The methodological controversy surrounding ordinal outcome data has posed a distinct challenge to the conceptualization, design, and conduct of research in the social and behavioral sciences for more than 75 years. Accordingly, this study sought to supply a comprehensive and multidisciplinary perspective of the debate and in so doing lay the necessary foundation for proposing practical guidance to education researchers. A systematic review was undertaken with selection criteria aimed at assembling sources comprising a substantial discussion of both the measurement and analysis of ordinal outcome data as well as the controversy surrounding ordinal outcome data. A total of 77 peer-reviewed and published journal articles were obtained by this method. An additional 11 sources covering broad statistical topics were also referenced to provide an encompassing description of the intellectual landscape of ordinal methodology.
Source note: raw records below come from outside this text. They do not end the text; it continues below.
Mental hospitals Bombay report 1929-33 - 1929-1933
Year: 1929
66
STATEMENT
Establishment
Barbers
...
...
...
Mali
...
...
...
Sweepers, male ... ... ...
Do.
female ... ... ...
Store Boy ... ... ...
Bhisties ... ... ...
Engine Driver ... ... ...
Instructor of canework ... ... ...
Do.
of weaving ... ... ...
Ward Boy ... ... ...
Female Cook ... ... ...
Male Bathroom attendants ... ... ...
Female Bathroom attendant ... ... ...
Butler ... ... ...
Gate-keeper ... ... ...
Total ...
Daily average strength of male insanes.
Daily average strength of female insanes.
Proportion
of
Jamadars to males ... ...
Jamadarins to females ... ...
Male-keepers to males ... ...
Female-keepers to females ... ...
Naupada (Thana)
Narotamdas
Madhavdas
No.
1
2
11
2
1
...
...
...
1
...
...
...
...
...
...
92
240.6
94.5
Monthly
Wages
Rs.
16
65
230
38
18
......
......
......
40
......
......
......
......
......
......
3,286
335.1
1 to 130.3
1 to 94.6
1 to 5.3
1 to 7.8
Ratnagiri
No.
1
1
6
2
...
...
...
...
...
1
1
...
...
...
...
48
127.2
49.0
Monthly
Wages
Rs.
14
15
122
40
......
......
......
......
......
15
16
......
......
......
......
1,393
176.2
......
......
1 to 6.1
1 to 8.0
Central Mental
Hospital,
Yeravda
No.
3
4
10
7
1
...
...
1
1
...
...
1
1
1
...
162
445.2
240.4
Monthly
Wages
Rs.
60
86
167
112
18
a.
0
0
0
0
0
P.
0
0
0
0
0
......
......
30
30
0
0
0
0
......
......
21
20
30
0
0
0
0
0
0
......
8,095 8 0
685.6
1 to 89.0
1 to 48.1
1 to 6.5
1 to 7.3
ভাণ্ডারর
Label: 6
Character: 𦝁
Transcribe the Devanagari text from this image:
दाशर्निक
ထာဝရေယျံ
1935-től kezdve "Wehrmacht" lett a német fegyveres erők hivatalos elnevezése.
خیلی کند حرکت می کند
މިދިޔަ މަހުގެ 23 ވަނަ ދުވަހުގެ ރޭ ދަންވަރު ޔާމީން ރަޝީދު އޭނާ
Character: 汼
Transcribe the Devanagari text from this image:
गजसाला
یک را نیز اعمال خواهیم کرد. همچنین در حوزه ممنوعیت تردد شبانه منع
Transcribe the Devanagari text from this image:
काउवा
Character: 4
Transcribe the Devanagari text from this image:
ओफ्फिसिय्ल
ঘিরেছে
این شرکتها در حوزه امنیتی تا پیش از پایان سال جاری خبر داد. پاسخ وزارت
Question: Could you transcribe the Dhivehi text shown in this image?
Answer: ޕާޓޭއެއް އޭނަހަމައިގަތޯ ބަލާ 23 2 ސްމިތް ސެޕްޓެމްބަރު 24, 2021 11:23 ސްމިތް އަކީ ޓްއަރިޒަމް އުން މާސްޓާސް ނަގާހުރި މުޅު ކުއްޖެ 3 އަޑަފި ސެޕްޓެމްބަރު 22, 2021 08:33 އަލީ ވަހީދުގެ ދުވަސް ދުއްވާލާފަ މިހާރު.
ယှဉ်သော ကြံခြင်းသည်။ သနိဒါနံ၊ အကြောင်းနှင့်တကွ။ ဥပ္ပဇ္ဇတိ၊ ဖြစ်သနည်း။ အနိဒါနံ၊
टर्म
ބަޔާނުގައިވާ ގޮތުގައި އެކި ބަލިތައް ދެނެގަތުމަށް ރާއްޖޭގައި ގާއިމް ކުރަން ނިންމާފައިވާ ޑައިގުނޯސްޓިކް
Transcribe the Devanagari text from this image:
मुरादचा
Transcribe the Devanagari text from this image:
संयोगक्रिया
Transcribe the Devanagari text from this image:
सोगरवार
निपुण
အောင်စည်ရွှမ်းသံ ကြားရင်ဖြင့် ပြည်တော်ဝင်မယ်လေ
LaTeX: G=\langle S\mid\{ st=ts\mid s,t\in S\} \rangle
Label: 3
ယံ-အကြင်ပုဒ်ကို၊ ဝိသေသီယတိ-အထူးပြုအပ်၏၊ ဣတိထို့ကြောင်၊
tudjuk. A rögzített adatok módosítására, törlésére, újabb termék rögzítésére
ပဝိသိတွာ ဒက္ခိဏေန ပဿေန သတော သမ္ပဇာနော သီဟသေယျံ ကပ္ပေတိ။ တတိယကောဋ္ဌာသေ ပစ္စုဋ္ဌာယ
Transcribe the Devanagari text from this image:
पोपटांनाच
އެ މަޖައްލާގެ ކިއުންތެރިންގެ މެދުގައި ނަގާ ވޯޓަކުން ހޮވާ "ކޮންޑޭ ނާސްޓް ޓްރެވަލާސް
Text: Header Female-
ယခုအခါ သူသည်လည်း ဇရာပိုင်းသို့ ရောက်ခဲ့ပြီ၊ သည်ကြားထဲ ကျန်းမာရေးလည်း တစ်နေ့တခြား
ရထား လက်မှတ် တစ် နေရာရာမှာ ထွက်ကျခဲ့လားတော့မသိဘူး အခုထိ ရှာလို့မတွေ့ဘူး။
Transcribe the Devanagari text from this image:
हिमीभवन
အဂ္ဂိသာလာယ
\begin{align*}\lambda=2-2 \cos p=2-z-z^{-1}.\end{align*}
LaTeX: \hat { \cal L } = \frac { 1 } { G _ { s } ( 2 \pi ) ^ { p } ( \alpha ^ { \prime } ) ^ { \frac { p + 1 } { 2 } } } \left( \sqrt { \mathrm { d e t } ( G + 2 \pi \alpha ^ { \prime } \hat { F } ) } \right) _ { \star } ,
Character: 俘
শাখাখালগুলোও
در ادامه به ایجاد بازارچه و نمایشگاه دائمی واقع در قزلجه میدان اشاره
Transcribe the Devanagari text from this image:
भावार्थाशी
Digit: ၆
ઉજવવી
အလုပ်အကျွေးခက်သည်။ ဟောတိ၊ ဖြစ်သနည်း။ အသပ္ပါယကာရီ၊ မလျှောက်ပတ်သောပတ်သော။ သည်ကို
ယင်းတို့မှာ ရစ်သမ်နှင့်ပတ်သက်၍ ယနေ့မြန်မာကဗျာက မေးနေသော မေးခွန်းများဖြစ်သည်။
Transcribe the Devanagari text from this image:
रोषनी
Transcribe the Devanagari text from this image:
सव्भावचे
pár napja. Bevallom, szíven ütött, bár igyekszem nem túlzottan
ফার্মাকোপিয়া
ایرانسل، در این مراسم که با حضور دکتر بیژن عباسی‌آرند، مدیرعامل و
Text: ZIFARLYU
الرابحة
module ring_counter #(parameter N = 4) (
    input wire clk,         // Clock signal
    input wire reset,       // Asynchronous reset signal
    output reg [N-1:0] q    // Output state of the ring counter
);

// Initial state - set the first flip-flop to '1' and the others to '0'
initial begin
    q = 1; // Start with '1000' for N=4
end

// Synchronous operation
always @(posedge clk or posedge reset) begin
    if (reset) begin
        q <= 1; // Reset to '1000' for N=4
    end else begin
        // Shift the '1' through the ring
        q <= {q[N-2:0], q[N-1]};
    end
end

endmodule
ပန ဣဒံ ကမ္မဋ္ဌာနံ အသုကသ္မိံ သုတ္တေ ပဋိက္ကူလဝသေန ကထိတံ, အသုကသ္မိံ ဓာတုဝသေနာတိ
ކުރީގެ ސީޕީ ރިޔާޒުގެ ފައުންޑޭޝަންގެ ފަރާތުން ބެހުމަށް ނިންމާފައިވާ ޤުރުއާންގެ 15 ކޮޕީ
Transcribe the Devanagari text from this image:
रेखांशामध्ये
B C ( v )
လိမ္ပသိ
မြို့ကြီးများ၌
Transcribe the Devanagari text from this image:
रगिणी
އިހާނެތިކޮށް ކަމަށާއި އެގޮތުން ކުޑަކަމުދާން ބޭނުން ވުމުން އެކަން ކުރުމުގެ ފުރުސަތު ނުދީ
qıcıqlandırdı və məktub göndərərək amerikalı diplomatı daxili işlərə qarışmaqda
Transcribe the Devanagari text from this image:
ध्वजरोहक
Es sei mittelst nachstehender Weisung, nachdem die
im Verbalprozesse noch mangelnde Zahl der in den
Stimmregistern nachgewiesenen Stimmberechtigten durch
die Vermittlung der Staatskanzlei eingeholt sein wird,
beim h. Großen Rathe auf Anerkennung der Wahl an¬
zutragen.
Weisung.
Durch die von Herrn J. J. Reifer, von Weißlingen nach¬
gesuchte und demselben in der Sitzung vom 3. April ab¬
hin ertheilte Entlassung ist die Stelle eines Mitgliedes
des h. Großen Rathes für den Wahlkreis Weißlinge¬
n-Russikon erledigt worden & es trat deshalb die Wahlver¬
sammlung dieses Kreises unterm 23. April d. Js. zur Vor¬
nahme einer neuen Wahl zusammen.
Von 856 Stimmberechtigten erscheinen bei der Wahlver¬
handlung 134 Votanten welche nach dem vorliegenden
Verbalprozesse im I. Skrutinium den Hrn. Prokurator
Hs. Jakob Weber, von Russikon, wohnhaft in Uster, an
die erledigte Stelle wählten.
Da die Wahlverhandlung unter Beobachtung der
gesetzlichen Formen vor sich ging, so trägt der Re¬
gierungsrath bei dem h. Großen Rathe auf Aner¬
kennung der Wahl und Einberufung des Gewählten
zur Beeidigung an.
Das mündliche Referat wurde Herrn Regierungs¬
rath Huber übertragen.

Results showed that methodological purism, methodological pragmatism, and latent variable modeling all have merit when making decisions about how to analyze ordinal outcome data. This suggests that the intended use and stakes tied to research studies can be relied upon to direct analytic choices looking to balance rigor with realism. Irrespective of the approach, sensitivity analyses and more conservative significance levels are recommended in the absence of a clear-cut direction.

 

Key words: Quantitative methodology, data analysis, statistics, ordinal data, education.